竹工房に子どもの笑顔 平戸の元船長 ものづくりに発信

西日本新聞 夕刊 福田 章

 長崎県平戸市獅子地区にある「体験工房竹とんぼ」が、子どもたちのものづくり体験や交流の場としてにぎわっている。主宰するのは貨物船の船長だった杉山安信さん(69)。刃物の使い方を指導しながら、他人の痛みも教える。最近は地域の高齢者も集い、笑顔が絶えない。

 工房の壁には、杉山さんに竹細工を教わった子どもの笑顔の写真がいっぱい。平戸市の小中学生や体験型修学旅行で訪れた中国、関西地方の中高生たちだ。

 工房で作る竹細工はカメやカニ、竹とんぼなどで、子どもの年齢に合わせて決める。小学校低学年に用意するカメの型は大人の人さし指ほどの大きさ。鉛筆で甲羅を描かせ、それに沿った彫刻刀の使い方を示す。
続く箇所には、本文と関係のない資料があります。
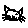
Label: cat
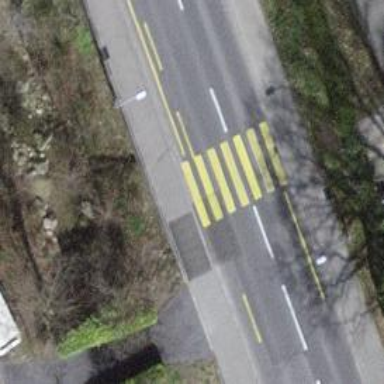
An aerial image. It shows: Uncontrolled zebra crossing on the road.
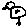
Label: bird

 「爪はV字に切れ目を入れるんだよ」と丁寧に指導すると、子どもたちは真剣なまなざしで手を動かす。「難しいことに挑戦している。そのときの目の輝きがいい。私の生きがいです」と杉山さん。手を切った子には「けがしたら痛かろ? 他人をけがさせたら、その人も痛かとよ」と諭す。

 2年前の12月、平戸島西部にある自宅敷地に工房を開設した。病気療養中に海辺で拾った竹で作った竹とんぼが、地元の子どもたちに喜ばれたのがきっかけだった。

 山口県下関市の船会社に長く勤め、50代でUターンし、地元のフェリー会社で働いた。竹細工の技術は独学で磨いた。節くれだった指で創作したテッポウユリや帆船、スイセンは平戸市美術展工芸品の部で市長賞を3度受賞。市の出前講座の講師も務める。

 工房は高齢者の集会所の役割も担う。家にこもりがちなお年寄りがここに来ると、お茶を飲みながら笑顔で語らう。「いつでも誰でも受け入れる。ものづくりの喜びや人と交わる楽しさを多くの人に味わってもらいたい」 (福田章)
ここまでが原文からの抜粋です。